Fast Similarity Graph Construction via Data Sketching Techniques
Date
Authors
Journal Title
Journal ISSN
Volume Title
Publisher
Abstract
Graphs are mathematical structures used to model objects and their pairwise relationships. Due to their simple but expressive abstract representation, they are commonly used to model various types of relations and processes in technological, social or biological systems and have found numerous applications. A special type of graph is the similarity graph in which nodes represent entities and there is an edge connecting two nodes if the two entities are similar based on some similarity measure. In a typical scenario, raw data of entities are provided in the form of a relational dataset, matrix or a tensor and a similarity graph is built to facilitate graph-based analysis like node importance, node classification, link prediction, community detection, outlier detection, and more.

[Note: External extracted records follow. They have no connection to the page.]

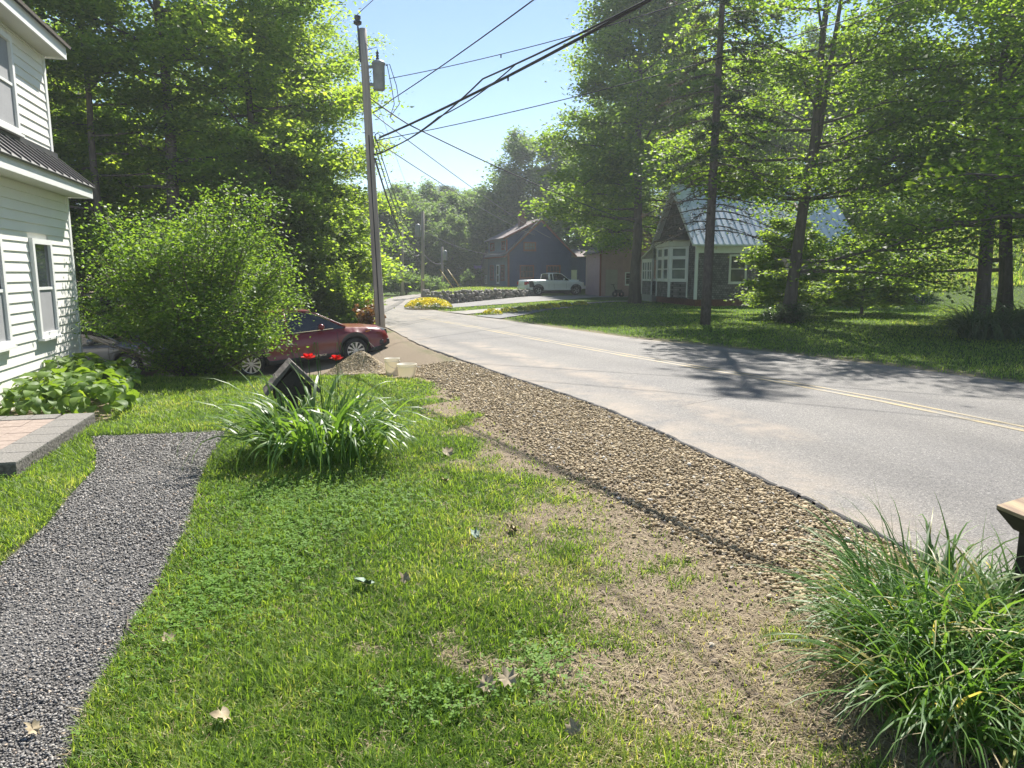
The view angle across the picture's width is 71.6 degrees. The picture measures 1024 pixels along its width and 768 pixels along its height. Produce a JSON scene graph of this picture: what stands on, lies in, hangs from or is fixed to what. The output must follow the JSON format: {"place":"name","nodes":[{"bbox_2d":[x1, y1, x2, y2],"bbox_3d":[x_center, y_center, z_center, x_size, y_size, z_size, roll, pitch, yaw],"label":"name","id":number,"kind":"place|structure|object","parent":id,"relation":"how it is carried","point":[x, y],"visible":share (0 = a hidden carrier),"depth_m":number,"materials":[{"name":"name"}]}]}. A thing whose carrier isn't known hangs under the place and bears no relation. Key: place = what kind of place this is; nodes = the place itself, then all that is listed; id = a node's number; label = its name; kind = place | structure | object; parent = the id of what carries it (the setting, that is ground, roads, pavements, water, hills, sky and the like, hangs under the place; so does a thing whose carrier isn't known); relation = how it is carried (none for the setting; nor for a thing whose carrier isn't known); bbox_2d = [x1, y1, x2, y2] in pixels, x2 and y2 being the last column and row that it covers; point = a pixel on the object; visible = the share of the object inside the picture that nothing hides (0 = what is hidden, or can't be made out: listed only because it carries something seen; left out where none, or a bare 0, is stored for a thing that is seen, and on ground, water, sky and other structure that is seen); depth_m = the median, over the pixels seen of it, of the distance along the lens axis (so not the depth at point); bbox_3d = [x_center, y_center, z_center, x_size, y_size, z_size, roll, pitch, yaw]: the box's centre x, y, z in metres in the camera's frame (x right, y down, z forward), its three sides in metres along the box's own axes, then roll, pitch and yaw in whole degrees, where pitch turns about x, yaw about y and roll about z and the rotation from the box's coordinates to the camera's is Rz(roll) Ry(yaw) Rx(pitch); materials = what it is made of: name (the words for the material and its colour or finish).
{"place":"outdoors","nodes":[
{"label":"outdoors","id":0,"kind":"place"},
{"bbox_2d":[0,413,95,477],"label":"patio","id":1,"kind":"structure","parent":0,"point":[26,441],"depth_m":8.25,"materials":[{"name":"grey stone"}]},
{"bbox_2d":[0,430,226,767],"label":"path","id":2,"kind":"structure","parent":0,"point":[27,647],"depth_m":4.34,"materials":[{"name":"grey gravel"}]},
{"bbox_2d":[384,294,421,305],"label":"road","id":3,"kind":"structure","parent":0,"point":[402,300],"depth_m":53.40,"materials":[{"name":"grey asphalt"}]},
{"bbox_2d":[430,287,584,297],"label":"raised lawn","id":4,"kind":"structure","parent":0,"point":[582,291],"depth_m":66.50,"materials":[{"name":"green plant"}]},
{"bbox_2d":[478,211,585,286],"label":"blue house","id":5,"kind":"structure","parent":4,"relation":"on","point":[531,256],"depth_m":74.02,"materials":[{"name":"wood"}]},
{"bbox_2d":[430,285,585,294],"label":"grass","id":6,"kind":"structure","parent":0,"point":[480,287],"depth_m":64.07,"materials":[{"name":"green plant"}]},
{"bbox_2d":[0,372,1021,767],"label":"grass","id":7,"kind":"structure","parent":0,"point":[236,754],"depth_m":4.01,"materials":[{"name":"green plant"}]},
{"bbox_2d":[0,209,1023,767],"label":"ground","id":8,"kind":"structure","parent":0,"point":[402,349],"depth_m":4.82,"materials":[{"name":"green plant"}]},
{"bbox_2d":[0,378,54,415],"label":"hosta","id":9,"kind":"object","parent":8,"relation":"on","point":[25,409],"visible":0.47,"depth_m":9.74,"materials":[{"name":"green plant"}]},
{"bbox_2d":[0,378,87,415],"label":"hosta","id":10,"kind":"object","parent":8,"relation":"on","point":[36,404],"visible":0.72,"depth_m":9.66,"materials":[{"name":"green plant"}]},
{"bbox_2d":[0,0,95,410],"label":"white house","id":11,"kind":"structure","parent":8,"relation":"on","point":[41,182],"depth_m":11.55,"materials":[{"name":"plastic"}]},
{"bbox_2d":[0,234,17,352],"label":"window","id":12,"kind":"structure","parent":11,"relation":"in","point":[6,337],"depth_m":10.23,"materials":[{"name":"white glass"}]},
{"bbox_2d":[0,28,24,137],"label":"window","id":13,"kind":"structure","parent":11,"relation":"in","point":[9,108],"depth_m":11.17,"materials":[{"name":"white glass"}]},
{"bbox_2d":[28,238,63,340],"bbox_3d":[-7.778,-1.580,11.869,0.100,1.650,0.950,-2,9,-15],"label":"window","id":14,"kind":"structure","parent":11,"relation":"in","point":[41,252],"depth_m":11.85,"materials":[{"name":"white glass"}]},
{"bbox_2d":[11,367,111,409],"bbox_3d":[-6.885,0.070,10.764,1.406,0.625,1.334,-3,9,-20],"label":"hosta","id":15,"kind":"object","parent":8,"relation":"on","point":[49,376],"visible":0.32,"depth_m":10.56,"materials":[{"name":"green plant"}]},
{"bbox_2d":[33,358,113,387],"bbox_3d":[-7.260,-0.122,11.737,1.390,0.594,1.350,2,9,15],"label":"hosta","id":16,"kind":"object","parent":8,"relation":"on","point":[49,366],"visible":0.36,"depth_m":11.65,"materials":[{"name":"green plant"}]},
{"bbox_2d":[51,352,106,378],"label":"hosta","id":17,"kind":"object","parent":8,"relation":"on","point":[93,356],"visible":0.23,"depth_m":12.56,"materials":[{"name":"green plant"}]},
{"bbox_2d":[45,375,142,413],"bbox_3d":[-5.970,0.184,10.175,1.213,0.568,1.278,-6,11,-34],"label":"hosta","id":18,"kind":"object","parent":8,"relation":"on","point":[111,395],"visible":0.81,"depth_m":9.94,"materials":[{"name":"green plant"}]},
{"bbox_2d":[55,367,137,403],"bbox_3d":[-6.478,0.044,10.969,1.271,0.588,1.248,0,9,-3],"label":"hosta","id":19,"kind":"object","parent":8,"relation":"on","point":[118,373],"visible":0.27,"depth_m":11.01,"materials":[{"name":"green plant"}]},
{"bbox_2d":[26,0,181,240],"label":"maple tree","id":20,"kind":"object","parent":8,"relation":"on","point":[56,96],"visible":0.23,"depth_m":26.09,"materials":[{"name":"green plant"}]},
{"bbox_2d":[74,362,141,387],"bbox_3d":[-6.809,-0.084,11.804,1.151,0.518,1.123,-4,10,-25],"label":"hosta","id":21,"kind":"object","parent":8,"relation":"on","point":[133,379],"visible":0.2,"depth_m":11.98,"materials":[{"name":"green plant"}]},
{"bbox_2d":[71,219,150,337],"bbox_3d":[-14.148,-2.852,23.449,5.193,5.217,5.094,0,9,0],"label":"maple sapling","id":22,"kind":"object","parent":8,"relation":"on","point":[86,236],"visible":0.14,"depth_m":22.97,"materials":[{"name":"green plant"}]},
{"bbox_2d":[92,357,142,384],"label":"hosta","id":23,"kind":"object","parent":8,"relation":"on","point":[126,363],"visible":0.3,"depth_m":12.86,"materials":[{"name":"green plant"}]},
{"bbox_2d":[51,100,183,333],"bbox_3d":[-17.514,-6.809,31.054,10.202,10.507,8.331,-1,9,-9],"label":"maple sapling","id":24,"kind":"object","parent":8,"relation":"on","point":[118,161],"visible":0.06,"depth_m":29.82,"materials":[{"name":"green plant"}]},
{"bbox_2d":[80,321,169,373],"bbox_3d":[-12.303,-0.993,20.427,4.920,1.668,2.156,-4,9,-7],"label":"station wagon","id":25,"kind":"object","parent":8,"relation":"on","point":[89,345],"visible":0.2,"depth_m":19.72,"materials":[{"name":"grey paint"}]},
{"bbox_2d":[22,0,245,311],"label":"maple tree","id":26,"kind":"object","parent":8,"relation":"on","point":[117,56],"visible":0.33,"depth_m":25.29,"materials":[{"name":"green plant"}]},
{"bbox_2d":[109,7,247,229],"bbox_3d":[-20.095,-12.878,41.488,10.242,17.302,9.429,2,9,14],"label":"maple tree","id":27,"kind":"object","parent":8,"relation":"on","point":[184,82],"visible":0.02,"depth_m":39.54,"materials":[{"name":"green plant"}]},
{"bbox_2d":[24,0,342,240],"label":"maple tree","id":28,"kind":"object","parent":8,"relation":"on","point":[253,32],"visible":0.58,"depth_m":25.68,"materials":[{"name":"green plant"}]},
{"bbox_2d":[71,160,324,377],"bbox_3d":[-6.885,-2.180,14.722,5.687,4.688,5.200,0,9,0],"label":"lilac bush","id":29,"kind":"object","parent":8,"relation":"on","point":[194,323],"visible":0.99,"depth_m":14.25,"materials":[{"name":"green plant"}]},
{"bbox_2d":[83,0,425,294],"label":"maple tree","id":30,"kind":"object","parent":8,"relation":"on","point":[351,95],"visible":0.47,"depth_m":26.80,"materials":[{"name":"green plant"}]},
{"bbox_2d":[185,0,346,281],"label":"maple tree","id":31,"kind":"object","parent":8,"relation":"on","point":[244,107],"depth_m":42.32,"materials":[{"name":"green plant"}]},
{"bbox_2d":[196,123,373,323],"bbox_3d":[-8.618,-5.083,25.543,7.848,8.082,6.409,0,9,0],"label":"maple sapling","id":32,"kind":"object","parent":8,"relation":"on","point":[277,153],"visible":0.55,"depth_m":24.87,"materials":[{"name":"green plant"}]},
{"bbox_2d":[263,358,319,428],"bbox_3d":[-2.640,0.235,8.538,0.639,1.062,0.440,-4,10,-22],"label":"sign","id":33,"kind":"object","parent":8,"relation":"on","point":[285,373],"visible":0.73,"depth_m":8.35,"materials":[{"name":"black wood"}]},
{"bbox_2d":[186,0,403,281],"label":"maple tree","id":34,"kind":"object","parent":8,"relation":"on","point":[361,152],"visible":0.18,"depth_m":31.22,"materials":[{"name":"green plant"}]},
{"bbox_2d":[1,453,607,756],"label":"clover","id":35,"kind":"object","parent":8,"relation":"on","point":[402,696],"visible":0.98,"depth_m":4.66,"materials":[{"name":"green plant"}]},
{"bbox_2d":[228,306,389,376],"bbox_3d":[-6.024,-1.328,19.759,4.925,1.716,2.156,-9,12,-22],"label":"station wagon","id":36,"kind":"object","parent":8,"relation":"on","point":[327,334],"visible":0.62,"depth_m":19.18,"materials":[{"name":"red paint"}]},
{"bbox_2d":[164,342,459,479],"bbox_3d":[-2.163,0.179,7.758,3.047,1.258,2.599,5,10,31],"label":"daylily clump","id":37,"kind":"object","parent":8,"relation":"on","point":[279,434],"visible":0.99,"depth_m":7.52,"materials":[{"name":"green plant"}]},
{"bbox_2d":[259,152,392,310],"bbox_3d":[-7.853,-5.621,28.966,6.088,7.678,7.455,-6,11,-36],"label":"maple sapling","id":38,"kind":"object","parent":8,"relation":"on","point":[359,228],"visible":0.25,"depth_m":28.29,"materials":[{"name":"green plant"}]},
{"bbox_2d":[308,260,373,320],"bbox_3d":[-6.301,-3.164,26.269,2.746,2.941,2.072,4,10,26],"label":"roadside shrub","id":39,"kind":"object","parent":8,"relation":"on","point":[337,300],"visible":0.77,"depth_m":25.97,"materials":[{"name":"green plant"}]},
{"bbox_2d":[321,351,385,375],"bbox_3d":[-3.360,-0.387,15.627,1.900,0.700,1.900,0,9,0],"label":"gravel heap","id":40,"kind":"object","parent":8,"relation":"on","point":[371,364],"visible":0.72,"depth_m":15.20,"materials":[{"name":"beige gravel"}]},
{"bbox_2d":[352,299,385,324],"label":"russet shrub","id":41,"kind":"object","parent":8,"relation":"on","point":[367,314],"visible":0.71,"depth_m":24.42,"materials":[{"name":"brown plant"}]},
{"bbox_2d":[353,15,399,327],"bbox_3d":[-4.217,-6.463,22.725,1.382,10.020,0.440,0,9,0],"label":"utility pole","id":42,"kind":"object","parent":8,"relation":"on","point":[377,66],"visible":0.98,"depth_m":22.51,"materials":[{"name":"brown wood"}]},
{"bbox_2d":[372,0,533,112],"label":"overhead wire","id":43,"kind":"object","parent":42,"relation":"attached to","point":[460,52],"visible":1,"depth_m":16.27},
{"bbox_2d":[373,0,648,154],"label":"overhead wire","id":44,"kind":"object","parent":42,"relation":"attached to","point":[582,32],"visible":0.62,"depth_m":13.87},
{"bbox_2d":[370,98,658,229],"bbox_3d":[2.862,-9.455,33.987,0.743,2.732,27.450,5,10,30],"label":"overhead wire","id":45,"kind":"object","parent":42,"relation":"attached to","point":[496,166],"visible":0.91,"depth_m":27.36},
{"bbox_2d":[379,0,652,137],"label":"overhead wire","id":46,"kind":"object","parent":42,"relation":"attached to","point":[586,34],"visible":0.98,"depth_m":14.26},
{"bbox_2d":[389,0,692,78],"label":"overhead wire","id":47,"kind":"object","parent":42,"relation":"attached to","point":[542,43],"visible":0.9,"depth_m":20.39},
{"bbox_2d":[375,0,909,140],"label":"overhead wire","id":48,"kind":"object","parent":42,"relation":"attached to","point":[658,74],"visible":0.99,"depth_m":19.66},
{"bbox_2d":[352,193,419,290],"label":"broadleaf tree","id":49,"kind":"object","parent":8,"relation":"on","point":[385,218],"visible":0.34,"depth_m":78.92,"materials":[{"name":"green plant"}]},
{"bbox_2d":[384,357,399,375],"bbox_3d":[-2.449,-0.344,14.520,0.324,0.370,0.326,-6,11,-34],"label":"bucket","id":50,"kind":"object","parent":8,"relation":"on","point":[391,366],"visible":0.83,"depth_m":14.41,"materials":[{"name":"plastic"}]},
{"bbox_2d":[383,269,426,295],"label":"roadside shrub","id":51,"kind":"object","parent":8,"relation":"on","point":[412,282],"visible":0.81,"depth_m":63.85,"materials":[{"name":"green plant"}]},
{"bbox_2d":[396,363,416,377],"bbox_3d":[-2.050,-0.257,13.846,0.394,0.270,0.394,-6,11,-34],"label":"bucket","id":52,"kind":"object","parent":8,"relation":"on","point":[407,370],"visible":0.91,"depth_m":13.71,"materials":[{"name":"plastic"}]},
{"bbox_2d":[381,179,447,286],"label":"broadleaf tree","id":53,"kind":"object","parent":8,"relation":"on","point":[416,203],"visible":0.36,"depth_m":86.63,"materials":[{"name":"green plant"}]},
{"bbox_2d":[415,211,423,293],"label":"utility pole","id":54,"kind":"object","parent":8,"relation":"on","point":[419,230],"visible":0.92,"depth_m":56.79,"materials":[{"name":"grey wood"}]},
{"bbox_2d":[414,271,448,291],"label":"roadside shrub","id":55,"kind":"object","parent":8,"relation":"on","point":[435,283],"visible":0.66,"depth_m":66.88,"materials":[{"name":"green plant"}]},
{"bbox_2d":[411,176,471,284],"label":"broadleaf tree","id":56,"kind":"object","parent":8,"relation":"on","point":[428,191],"visible":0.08,"depth_m":95.30,"materials":[{"name":"green plant"}]},
{"bbox_2d":[414,189,483,287],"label":"broadleaf tree","id":57,"kind":"object","parent":8,"relation":"on","point":[454,205],"visible":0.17,"depth_m":90.20,"materials":[{"name":"green plant"}]},
{"bbox_2d":[412,211,486,287],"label":"broadleaf tree","id":58,"kind":"object","parent":8,"relation":"on","point":[446,233],"visible":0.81,"depth_m":81.66,"materials":[{"name":"green plant"}]},
{"bbox_2d":[421,288,542,303],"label":"stone wall","id":59,"kind":"structure","parent":8,"relation":"on","point":[462,296],"depth_m":50.14,"materials":[{"name":"grey stone"}]},
{"bbox_2d":[458,169,545,286],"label":"broadleaf tree","id":60,"kind":"object","parent":8,"relation":"on","point":[510,189],"visible":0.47,"depth_m":85.80,"materials":[{"name":"green plant"}]},
{"bbox_2d":[474,125,594,249],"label":"broadleaf tree","id":61,"kind":"object","parent":8,"relation":"on","point":[518,151],"visible":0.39,"depth_m":86.81,"materials":[{"name":"green plant"}]},
{"bbox_2d":[530,139,598,247],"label":"broadleaf tree","id":62,"kind":"object","parent":8,"relation":"on","point":[582,237],"visible":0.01,"depth_m":92.48,"materials":[{"name":"green plant"}]},
{"bbox_2d":[553,96,659,234],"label":"maple tree","id":63,"kind":"object","parent":8,"relation":"on","point":[572,164],"visible":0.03,"depth_m":68.56,"materials":[{"name":"green plant"}]},
{"bbox_2d":[583,228,655,295],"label":"pink building","id":64,"kind":"structure","parent":8,"relation":"on","point":[604,271],"depth_m":61.65,"materials":[{"name":"clear wood"}]},
{"bbox_2d":[605,270,617,295],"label":"door","id":65,"kind":"structure","parent":64,"relation":"in","point":[611,275],"depth_m":61.64,"materials":[{"name":"white wood"}]},
{"bbox_2d":[518,0,748,303],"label":"maple tree","id":66,"kind":"object","parent":8,"relation":"on","point":[613,45],"visible":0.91,"depth_m":43.52,"materials":[{"name":"green plant"}]},
{"bbox_2d":[580,43,782,262],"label":"maple tree","id":67,"kind":"object","parent":8,"relation":"on","point":[646,208],"visible":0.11,"depth_m":55.79,"materials":[{"name":"green plant"}]},
{"bbox_2d":[629,0,804,324],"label":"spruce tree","id":68,"kind":"object","parent":8,"relation":"on","point":[714,121],"visible":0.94,"depth_m":26.44,"materials":[{"name":"green plant"}]},
{"bbox_2d":[659,53,800,191],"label":"maple tree","id":69,"kind":"object","parent":8,"relation":"on","point":[747,88],"visible":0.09,"depth_m":56.24,"materials":[{"name":"green plant"}]},
{"bbox_2d":[641,183,854,305],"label":"shingle cottage","id":70,"kind":"structure","parent":8,"relation":"on","point":[679,269],"depth_m":43.98,"materials":[{"name":"grey wood"}]},
{"bbox_2d":[728,254,747,283],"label":"window","id":71,"kind":"structure","parent":70,"relation":"in","point":[736,274],"depth_m":43.09,"materials":[{"name":"white glass"}]},
{"bbox_2d":[757,296,817,322],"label":"ivy shrub","id":72,"kind":"object","parent":8,"relation":"on","point":[802,312],"visible":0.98,"depth_m":28.50,"materials":[{"name":"green plant"}]},
{"bbox_2d":[724,216,856,314],"bbox_3d":[12.941,-5.310,33.088,5.972,4.956,5.858,3,9,19],"label":"maple sapling","id":73,"kind":"object","parent":8,"relation":"on","point":[769,288],"visible":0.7,"depth_m":32.34,"materials":[{"name":"green plant"}]},
{"bbox_2d":[626,0,1020,322],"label":"maple tree","id":74,"kind":"object","parent":8,"relation":"on","point":[794,74],"visible":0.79,"depth_m":26.54,"materials":[{"name":"green plant"}]},
{"bbox_2d":[754,13,909,229],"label":"maple tree","id":75,"kind":"object","parent":8,"relation":"on","point":[802,147],"visible":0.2,"depth_m":52.85,"materials":[{"name":"green plant"}]},
{"bbox_2d":[843,212,875,294],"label":"maple sapling","id":76,"kind":"object","parent":8,"relation":"on","point":[846,216],"visible":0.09,"depth_m":48.72,"materials":[{"name":"green plant"}]},
{"bbox_2d":[801,234,945,313],"bbox_3d":[17.415,-5.274,35.045,6.113,4.174,6.231,-1,9,-5],"label":"maple sapling","id":77,"kind":"object","parent":8,"relation":"on","point":[883,301],"visible":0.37,"depth_m":34.17,"materials":[{"name":"green plant"}]},
{"bbox_2d":[747,479,1023,761],"bbox_3d":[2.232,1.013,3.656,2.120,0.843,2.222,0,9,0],"label":"tall grass","id":78,"kind":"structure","parent":8,"relation":"on","point":[950,558],"depth_m":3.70,"materials":[{"name":"plant"}]},
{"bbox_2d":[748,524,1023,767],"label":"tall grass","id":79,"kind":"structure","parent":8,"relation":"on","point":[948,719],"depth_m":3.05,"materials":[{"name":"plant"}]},
{"bbox_2d":[787,0,1023,316],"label":"maple tree","id":80,"kind":"object","parent":8,"relation":"on","point":[983,285],"visible":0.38,"depth_m":25.75,"materials":[{"name":"green plant"}]},
{"bbox_2d":[819,0,1023,314],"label":"maple tree","id":81,"kind":"object","parent":8,"relation":"on","point":[1005,269],"visible":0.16,"depth_m":28.79,"materials":[{"name":"green plant"}]},
{"bbox_2d":[822,0,1023,264],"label":"maple tree","id":82,"kind":"object","parent":8,"relation":"on","point":[1014,160],"visible":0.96,"depth_m":20.01,"materials":[{"name":"green plant"}]},
{"bbox_2d":[842,203,1023,294],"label":"hill grass","id":83,"kind":"structure","parent":8,"relation":"on","point":[1015,283],"depth_m":54.01,"materials":[{"name":"green plant"}]},
{"bbox_2d":[865,202,932,282],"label":"maple sapling","id":84,"kind":"object","parent":83,"relation":"on","point":[905,256],"visible":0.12,"depth_m":50.13,"materials":[{"name":"green plant"}]},
{"bbox_2d":[882,55,987,204],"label":"broadleaf tree","id":85,"kind":"object","parent":8,"relation":"on","point":[923,132],"visible":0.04,"depth_m":91.52,"materials":[{"name":"green plant"}]},
{"bbox_2d":[911,298,1023,343],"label":"daylily clump","id":86,"kind":"object","parent":8,"relation":"on","point":[974,327],"visible":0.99,"depth_m":21.35,"materials":[{"name":"green plant"}]},
{"bbox_2d":[924,29,1023,248],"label":"maple tree","id":87,"kind":"object","parent":8,"relation":"on","point":[1020,225],"visible":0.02,"depth_m":29.71,"materials":[{"name":"green plant"}]},
{"bbox_2d":[955,296,1023,337],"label":"daylily clump","id":88,"kind":"object","parent":8,"relation":"on","point":[1007,309],"visible":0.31,"depth_m":22.64,"materials":[{"name":"green plant"}]},
{"bbox_2d":[996,497,1023,605],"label":"wooden post","id":89,"kind":"object","parent":8,"relation":"on","point":[1011,512],"visible":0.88,"depth_m":3.68,"materials":[{"name":"brown wood"}]},
{"bbox_2d":[478,306,569,317],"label":"driveway","id":90,"kind":"structure","parent":0,"point":[507,314],"depth_m":34.84,"materials":[{"name":"concrete"}]},
{"bbox_2d":[420,295,641,307],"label":"driveway","id":91,"kind":"structure","parent":0,"point":[513,300],"depth_m":53.55,"materials":[{"name":"concrete"}]},
{"bbox_2d":[517,273,585,295],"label":"pickup truck","id":92,"kind":"object","parent":91,"relation":"on","point":[553,283],"visible":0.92,"depth_m":62.57,"materials":[{"name":"white paint"}]},
{"bbox_2d":[44,0,1020,277],"label":"sky","id":93,"kind":"structure","parent":0,"point":[426,34],"materials":[{"name":"blue"}]},
{"bbox_2d":[110,298,1023,587],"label":"road","id":94,"kind":"structure","parent":0,"point":[828,448],"depth_m":10.25,"materials":[{"name":"grey asphalt"}]},
{"bbox_2d":[420,345,993,587],"bbox_3d":[0.793,0.264,11.320,0.699,0.047,18.763,-3,9,-19],"label":"road edge","id":95,"kind":"object","parent":94,"relation":"on","point":[823,507],"visible":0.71,"depth_m":7.50,"materials":[{"name":"asphalt"}]},
{"bbox_2d":[421,318,1023,430],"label":"road marking","id":96,"kind":"object","parent":94,"relation":"on","point":[783,383],"visible":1,"depth_m":12.46,"materials":[{"name":"yellow paint"}]},
{"bbox_2d":[428,318,1023,426],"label":"road marking","id":97,"kind":"object","parent":94,"relation":"on","point":[787,381],"visible":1,"depth_m":12.69,"materials":[{"name":"yellow paint"}]},
{"bbox_2d":[381,360,985,712],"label":"gravel","id":98,"kind":"structure","parent":0,"point":[660,486],"depth_m":6.81,"materials":[{"name":"brown gravel"}]},
{"bbox_2d":[428,278,1023,381],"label":"grass","id":99,"kind":"structure","parent":0,"point":[883,312],"depth_m":26.02,"materials":[{"name":"green plant"}]},
{"bbox_2d":[404,297,452,308],"bbox_3d":[-4.750,-4.648,40.357,2.766,0.622,3.443,0,9,0],"label":"flower mound","id":100,"kind":"object","parent":99,"relation":"on","point":[427,301],"visible":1,"depth_m":39.41,"materials":[{"name":"yellow plant"}]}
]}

The ability to construct similarity graphs fast is important and with a potential for high impact, thus several approximation techniques have been proposed. In this work, we propose data sketching based methods for fast approximate similarity graph construction. Data sketching techniques are applied on the raw data and are designed to achieve desired error guarantees. They can drastically reduce the size of raw data on which we operate, allowing for faster construction and analysis of similarity graphs, but with approximate results. This is a desirable tradeoff for many applications in diverse domains.
Through a thorough experimental evaluation, we demonstrate that our sketching methods outperform sensible baselines and competitor methods proposed for the problem. First, they are much faster than exact methods while maintaining high accuracy in constructing the similarity graph. Furthermore, our methods demonstrate significantly higher accuracy than competitive methods on generic graph analysis tasks. We demonstrate the effectiveness of our methods on different real-world graph applications.